General Procedure for the Functionalization of Cladded Silica Monoliths in Flow

The cladded monoliths were kept in an oven at 80 °C for 24 h. Prior to functionalization, the continuous-flow setup (Figure S2) was flushed with ca. 20 mL of the corresponding solvent. Then, 5 mL of dry toluene or ethanol was added into a heated 15 mL Schlenk tube (kept under argon) before adding APTMS to the solvent. To prevent the solution from leaching out of the monolith, the threads were wrapped in PTFE sealing tape. Afterward, the monolith was flushed with the corresponding solvent and put in a column oven (functionalization at 22 °C was performed without an oven). The Schlenk tube was opened, the intake hose was dipped into the solution, the out-take hose was fixed slightly above the solution, and the Schlenk tube was thoroughly sealed with parafilm (about 60 cm2). The APTMS solution was pumped through the system with a flow rate of 0.2 mL min–1 for 18 h, generating a back pressure of about 1–2 bar. The functionalized monoliths were washed in flow with ca. 25 mL of toluene and ca. 25 mL of ethanol (if functionalized in dry toluene) or with ca. 50 mL of ethanol (if functionalized in dry ethanol) with a flow rate of 0.5 mL min–1 (back pressure 3–4 bar). Finally, the washed monoliths were dried at 80 °C for 24 h.
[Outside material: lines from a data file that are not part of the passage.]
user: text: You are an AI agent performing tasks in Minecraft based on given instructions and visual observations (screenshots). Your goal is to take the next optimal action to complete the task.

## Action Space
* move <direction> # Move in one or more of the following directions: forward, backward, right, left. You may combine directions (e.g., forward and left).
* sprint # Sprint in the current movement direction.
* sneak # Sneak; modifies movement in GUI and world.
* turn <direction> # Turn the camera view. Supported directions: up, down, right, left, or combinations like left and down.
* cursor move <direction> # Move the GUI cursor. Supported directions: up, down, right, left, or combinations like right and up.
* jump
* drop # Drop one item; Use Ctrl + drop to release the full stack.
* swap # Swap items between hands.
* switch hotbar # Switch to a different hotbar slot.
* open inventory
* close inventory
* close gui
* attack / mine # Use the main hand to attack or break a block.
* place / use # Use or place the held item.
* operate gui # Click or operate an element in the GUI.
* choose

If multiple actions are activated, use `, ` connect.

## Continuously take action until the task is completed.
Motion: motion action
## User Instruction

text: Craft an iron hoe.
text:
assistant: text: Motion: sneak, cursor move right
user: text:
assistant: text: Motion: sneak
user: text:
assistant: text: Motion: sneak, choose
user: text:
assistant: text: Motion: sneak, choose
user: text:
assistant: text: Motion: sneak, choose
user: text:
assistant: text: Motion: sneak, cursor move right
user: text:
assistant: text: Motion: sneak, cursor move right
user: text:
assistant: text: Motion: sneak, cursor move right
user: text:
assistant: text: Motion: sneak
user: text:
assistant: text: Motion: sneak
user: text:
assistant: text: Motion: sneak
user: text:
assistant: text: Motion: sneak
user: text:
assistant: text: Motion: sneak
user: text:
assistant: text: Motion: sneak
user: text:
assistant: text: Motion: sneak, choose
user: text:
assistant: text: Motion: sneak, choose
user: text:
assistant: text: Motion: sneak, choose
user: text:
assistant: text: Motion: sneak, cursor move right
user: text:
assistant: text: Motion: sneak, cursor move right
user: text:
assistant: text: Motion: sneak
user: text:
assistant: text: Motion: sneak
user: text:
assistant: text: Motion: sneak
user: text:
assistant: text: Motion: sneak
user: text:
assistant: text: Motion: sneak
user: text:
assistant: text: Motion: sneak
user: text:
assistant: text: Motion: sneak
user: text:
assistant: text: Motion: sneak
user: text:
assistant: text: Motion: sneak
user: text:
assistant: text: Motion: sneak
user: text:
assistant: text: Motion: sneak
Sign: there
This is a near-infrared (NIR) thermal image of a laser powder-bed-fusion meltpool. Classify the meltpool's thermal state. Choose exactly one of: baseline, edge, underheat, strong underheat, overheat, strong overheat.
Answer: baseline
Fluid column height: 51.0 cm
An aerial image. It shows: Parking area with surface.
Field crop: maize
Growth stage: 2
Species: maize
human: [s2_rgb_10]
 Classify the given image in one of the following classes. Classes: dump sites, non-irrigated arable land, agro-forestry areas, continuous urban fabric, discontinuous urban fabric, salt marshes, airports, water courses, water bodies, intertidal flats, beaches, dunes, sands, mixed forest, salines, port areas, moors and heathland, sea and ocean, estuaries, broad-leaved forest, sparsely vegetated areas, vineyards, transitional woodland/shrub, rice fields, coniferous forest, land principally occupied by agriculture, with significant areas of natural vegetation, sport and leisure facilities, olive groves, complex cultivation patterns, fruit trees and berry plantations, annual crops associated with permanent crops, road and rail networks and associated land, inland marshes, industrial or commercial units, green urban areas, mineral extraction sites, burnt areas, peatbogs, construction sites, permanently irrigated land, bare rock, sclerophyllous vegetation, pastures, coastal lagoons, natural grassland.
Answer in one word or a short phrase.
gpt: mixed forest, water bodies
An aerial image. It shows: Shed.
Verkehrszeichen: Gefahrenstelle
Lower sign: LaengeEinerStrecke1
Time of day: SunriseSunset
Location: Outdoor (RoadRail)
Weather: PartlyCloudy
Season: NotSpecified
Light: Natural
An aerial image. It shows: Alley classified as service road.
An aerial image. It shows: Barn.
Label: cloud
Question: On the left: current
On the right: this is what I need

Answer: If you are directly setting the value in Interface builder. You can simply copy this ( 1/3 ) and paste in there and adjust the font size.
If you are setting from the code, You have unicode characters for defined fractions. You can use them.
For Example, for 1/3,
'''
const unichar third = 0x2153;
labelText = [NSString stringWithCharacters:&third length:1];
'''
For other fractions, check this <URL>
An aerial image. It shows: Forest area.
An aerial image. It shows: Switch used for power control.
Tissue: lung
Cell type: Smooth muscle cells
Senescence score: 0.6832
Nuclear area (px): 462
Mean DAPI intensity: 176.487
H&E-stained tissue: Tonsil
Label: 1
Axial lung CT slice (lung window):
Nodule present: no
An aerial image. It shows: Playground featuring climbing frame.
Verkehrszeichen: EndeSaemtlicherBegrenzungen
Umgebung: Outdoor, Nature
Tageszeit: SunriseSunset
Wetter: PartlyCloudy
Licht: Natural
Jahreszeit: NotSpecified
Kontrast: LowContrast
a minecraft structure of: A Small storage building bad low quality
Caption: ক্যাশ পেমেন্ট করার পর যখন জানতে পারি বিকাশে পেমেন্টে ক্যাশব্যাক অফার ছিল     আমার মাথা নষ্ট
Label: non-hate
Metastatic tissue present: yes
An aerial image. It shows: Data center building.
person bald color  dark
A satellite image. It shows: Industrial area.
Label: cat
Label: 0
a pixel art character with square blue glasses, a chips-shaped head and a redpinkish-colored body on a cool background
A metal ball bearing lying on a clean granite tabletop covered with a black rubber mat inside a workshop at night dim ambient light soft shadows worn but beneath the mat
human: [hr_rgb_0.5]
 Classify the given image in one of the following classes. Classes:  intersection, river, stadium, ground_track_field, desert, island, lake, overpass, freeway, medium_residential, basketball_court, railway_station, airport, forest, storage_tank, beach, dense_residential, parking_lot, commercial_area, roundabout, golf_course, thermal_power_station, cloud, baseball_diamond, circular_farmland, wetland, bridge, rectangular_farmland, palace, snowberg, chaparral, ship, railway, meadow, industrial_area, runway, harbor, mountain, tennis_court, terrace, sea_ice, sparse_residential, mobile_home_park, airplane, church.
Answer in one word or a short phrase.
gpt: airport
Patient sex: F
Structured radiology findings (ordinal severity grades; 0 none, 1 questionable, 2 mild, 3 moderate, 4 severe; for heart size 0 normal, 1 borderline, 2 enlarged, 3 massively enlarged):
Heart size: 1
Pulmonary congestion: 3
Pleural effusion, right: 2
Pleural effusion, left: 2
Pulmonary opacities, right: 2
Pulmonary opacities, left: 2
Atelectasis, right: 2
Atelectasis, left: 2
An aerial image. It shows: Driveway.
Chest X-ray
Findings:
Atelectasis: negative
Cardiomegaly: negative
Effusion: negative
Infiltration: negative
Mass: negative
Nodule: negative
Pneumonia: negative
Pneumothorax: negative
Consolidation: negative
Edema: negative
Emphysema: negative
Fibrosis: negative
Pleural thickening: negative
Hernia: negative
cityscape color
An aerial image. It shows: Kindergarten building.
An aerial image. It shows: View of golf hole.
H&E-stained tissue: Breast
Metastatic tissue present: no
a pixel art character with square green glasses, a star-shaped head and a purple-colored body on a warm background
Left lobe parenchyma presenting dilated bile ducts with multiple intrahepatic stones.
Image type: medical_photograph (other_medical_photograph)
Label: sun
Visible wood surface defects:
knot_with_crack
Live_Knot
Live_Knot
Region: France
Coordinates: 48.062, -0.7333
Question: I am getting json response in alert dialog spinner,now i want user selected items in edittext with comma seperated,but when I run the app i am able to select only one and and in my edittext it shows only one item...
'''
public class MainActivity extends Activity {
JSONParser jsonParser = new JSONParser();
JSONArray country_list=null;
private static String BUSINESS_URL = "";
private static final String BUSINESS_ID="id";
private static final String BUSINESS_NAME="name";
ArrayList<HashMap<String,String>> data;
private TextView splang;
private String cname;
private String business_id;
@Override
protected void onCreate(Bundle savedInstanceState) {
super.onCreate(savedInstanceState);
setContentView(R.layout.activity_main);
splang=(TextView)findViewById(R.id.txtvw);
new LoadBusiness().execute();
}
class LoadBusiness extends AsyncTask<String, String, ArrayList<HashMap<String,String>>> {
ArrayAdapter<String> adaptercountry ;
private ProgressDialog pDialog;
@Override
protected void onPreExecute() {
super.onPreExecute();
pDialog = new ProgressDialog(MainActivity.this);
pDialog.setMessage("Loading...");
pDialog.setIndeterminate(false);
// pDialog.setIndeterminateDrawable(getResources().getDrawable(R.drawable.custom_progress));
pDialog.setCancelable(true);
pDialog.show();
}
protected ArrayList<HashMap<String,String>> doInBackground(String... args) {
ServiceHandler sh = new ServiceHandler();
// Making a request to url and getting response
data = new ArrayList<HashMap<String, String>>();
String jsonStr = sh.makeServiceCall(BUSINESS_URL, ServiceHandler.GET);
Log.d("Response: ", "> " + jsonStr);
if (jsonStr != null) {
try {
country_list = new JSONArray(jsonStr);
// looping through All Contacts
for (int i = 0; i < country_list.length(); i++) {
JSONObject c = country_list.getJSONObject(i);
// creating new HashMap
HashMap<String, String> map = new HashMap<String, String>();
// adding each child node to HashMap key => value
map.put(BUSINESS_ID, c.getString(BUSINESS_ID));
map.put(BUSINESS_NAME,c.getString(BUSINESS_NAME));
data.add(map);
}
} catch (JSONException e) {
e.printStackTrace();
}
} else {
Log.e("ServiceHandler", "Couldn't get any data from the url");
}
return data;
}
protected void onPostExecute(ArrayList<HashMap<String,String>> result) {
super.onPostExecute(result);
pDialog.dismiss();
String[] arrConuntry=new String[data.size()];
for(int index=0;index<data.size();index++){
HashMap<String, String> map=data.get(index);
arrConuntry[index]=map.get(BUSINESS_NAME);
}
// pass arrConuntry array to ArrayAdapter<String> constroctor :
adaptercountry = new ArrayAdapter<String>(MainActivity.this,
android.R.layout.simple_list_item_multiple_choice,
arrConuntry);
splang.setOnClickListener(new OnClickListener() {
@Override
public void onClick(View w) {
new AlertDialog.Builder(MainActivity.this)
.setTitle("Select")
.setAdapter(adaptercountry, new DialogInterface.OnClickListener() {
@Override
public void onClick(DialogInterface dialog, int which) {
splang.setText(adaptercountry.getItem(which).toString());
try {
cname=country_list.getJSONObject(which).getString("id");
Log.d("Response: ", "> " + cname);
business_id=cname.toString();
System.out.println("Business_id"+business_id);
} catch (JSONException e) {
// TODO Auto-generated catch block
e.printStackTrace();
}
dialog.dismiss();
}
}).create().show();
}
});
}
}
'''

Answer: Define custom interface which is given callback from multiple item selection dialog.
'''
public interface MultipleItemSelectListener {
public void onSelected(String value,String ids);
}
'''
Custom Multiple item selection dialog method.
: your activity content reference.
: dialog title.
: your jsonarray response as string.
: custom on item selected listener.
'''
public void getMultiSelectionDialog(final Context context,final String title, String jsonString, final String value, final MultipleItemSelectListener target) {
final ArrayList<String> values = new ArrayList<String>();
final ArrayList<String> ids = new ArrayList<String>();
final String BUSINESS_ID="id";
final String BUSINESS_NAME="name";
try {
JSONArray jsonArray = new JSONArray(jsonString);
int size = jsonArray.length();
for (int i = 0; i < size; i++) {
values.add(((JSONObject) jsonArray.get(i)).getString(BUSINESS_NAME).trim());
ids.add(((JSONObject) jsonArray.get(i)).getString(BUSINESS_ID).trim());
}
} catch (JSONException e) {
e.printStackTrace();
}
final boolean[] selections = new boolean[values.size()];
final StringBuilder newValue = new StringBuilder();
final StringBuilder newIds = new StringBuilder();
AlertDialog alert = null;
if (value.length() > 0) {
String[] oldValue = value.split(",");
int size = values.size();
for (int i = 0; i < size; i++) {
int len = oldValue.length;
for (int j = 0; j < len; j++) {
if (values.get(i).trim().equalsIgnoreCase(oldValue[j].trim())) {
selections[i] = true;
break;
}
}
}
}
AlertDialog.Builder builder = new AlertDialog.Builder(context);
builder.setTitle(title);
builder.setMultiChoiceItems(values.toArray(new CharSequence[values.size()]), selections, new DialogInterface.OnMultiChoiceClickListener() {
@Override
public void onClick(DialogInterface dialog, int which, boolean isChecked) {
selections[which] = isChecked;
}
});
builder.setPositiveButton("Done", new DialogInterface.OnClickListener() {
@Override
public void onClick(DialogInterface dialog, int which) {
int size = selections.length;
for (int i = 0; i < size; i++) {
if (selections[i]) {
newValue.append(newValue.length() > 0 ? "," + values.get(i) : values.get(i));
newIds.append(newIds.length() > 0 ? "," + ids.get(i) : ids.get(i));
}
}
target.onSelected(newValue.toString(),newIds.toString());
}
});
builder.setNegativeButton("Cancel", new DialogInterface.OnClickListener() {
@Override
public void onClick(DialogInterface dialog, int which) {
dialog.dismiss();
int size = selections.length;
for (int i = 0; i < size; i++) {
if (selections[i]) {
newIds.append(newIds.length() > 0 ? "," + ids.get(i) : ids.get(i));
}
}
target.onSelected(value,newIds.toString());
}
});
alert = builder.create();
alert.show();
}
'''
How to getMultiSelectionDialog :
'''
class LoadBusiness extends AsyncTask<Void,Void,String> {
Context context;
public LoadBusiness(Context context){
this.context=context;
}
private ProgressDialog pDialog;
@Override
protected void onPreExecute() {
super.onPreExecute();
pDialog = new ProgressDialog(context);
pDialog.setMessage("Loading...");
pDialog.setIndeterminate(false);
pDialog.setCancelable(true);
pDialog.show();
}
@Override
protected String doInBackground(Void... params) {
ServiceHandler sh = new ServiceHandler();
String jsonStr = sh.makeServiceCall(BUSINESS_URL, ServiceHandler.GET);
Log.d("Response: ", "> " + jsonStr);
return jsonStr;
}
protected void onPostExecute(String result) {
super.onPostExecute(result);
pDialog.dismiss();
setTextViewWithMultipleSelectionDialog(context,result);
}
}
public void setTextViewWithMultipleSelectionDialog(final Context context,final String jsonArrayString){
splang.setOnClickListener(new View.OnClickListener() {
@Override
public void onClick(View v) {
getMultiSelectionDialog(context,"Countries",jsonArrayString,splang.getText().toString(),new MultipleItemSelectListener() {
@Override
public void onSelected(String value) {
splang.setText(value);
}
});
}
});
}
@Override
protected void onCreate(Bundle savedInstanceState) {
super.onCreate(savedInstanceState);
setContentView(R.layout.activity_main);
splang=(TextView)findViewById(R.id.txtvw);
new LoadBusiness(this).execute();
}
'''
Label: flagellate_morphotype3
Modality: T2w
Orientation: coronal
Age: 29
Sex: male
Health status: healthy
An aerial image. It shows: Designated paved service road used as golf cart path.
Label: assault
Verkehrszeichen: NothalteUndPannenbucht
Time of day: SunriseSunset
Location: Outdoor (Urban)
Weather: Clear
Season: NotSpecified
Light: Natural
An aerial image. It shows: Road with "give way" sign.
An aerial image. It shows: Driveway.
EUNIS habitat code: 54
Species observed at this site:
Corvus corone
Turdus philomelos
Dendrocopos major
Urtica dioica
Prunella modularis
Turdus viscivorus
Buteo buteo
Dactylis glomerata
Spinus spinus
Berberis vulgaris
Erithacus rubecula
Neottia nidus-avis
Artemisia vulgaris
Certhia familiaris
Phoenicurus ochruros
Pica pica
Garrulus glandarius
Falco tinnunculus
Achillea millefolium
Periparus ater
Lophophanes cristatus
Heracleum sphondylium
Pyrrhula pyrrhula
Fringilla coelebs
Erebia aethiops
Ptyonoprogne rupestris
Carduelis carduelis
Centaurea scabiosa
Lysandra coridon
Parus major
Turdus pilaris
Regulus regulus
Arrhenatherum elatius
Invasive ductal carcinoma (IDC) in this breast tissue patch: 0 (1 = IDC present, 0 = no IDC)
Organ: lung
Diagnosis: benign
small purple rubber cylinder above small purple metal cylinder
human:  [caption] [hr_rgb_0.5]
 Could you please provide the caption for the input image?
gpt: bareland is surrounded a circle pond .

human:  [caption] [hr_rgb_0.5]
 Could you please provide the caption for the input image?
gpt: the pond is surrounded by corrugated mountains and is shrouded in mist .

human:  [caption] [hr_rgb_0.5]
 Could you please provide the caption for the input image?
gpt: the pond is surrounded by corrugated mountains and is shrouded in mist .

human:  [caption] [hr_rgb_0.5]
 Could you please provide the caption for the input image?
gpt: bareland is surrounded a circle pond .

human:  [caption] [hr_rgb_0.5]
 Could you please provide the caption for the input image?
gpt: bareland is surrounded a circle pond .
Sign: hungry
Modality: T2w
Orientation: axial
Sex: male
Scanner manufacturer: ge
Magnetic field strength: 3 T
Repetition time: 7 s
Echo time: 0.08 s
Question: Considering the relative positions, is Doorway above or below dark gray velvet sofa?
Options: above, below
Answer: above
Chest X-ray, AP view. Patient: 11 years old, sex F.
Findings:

General Procedure for the Knoevenagel Condensation in Flow

Functionalized and cladded silica monoliths were connected to the HPLC system and flushed with 5 mL of ethanol prior to catalysis. A solution of distilled benzaldehyde (0.5 mol L–1) or other aldehydes and ethyl cyanoacetate (0.5 mol L–1) in ethanol was pumped through the monolith at 22 °C. Aliquots were constantly collected and evaluated by quantitative GC. Before changing the flow rate, the cladded monoliths were flushed with 15 mL of pure ethanol (flow rate 0.5 mL min–1) prior to the next reaction. Yields for each catalytic reaction run were determined by quantitative GC. Therefore, a calibration curve was obtained by measuring an increasing amount of the corresponding product and a continuous amount of n-hexadecane (10 μL) as the internal standard. After the reaction solution had passed the reactor several times, aliquots were taken and quantified.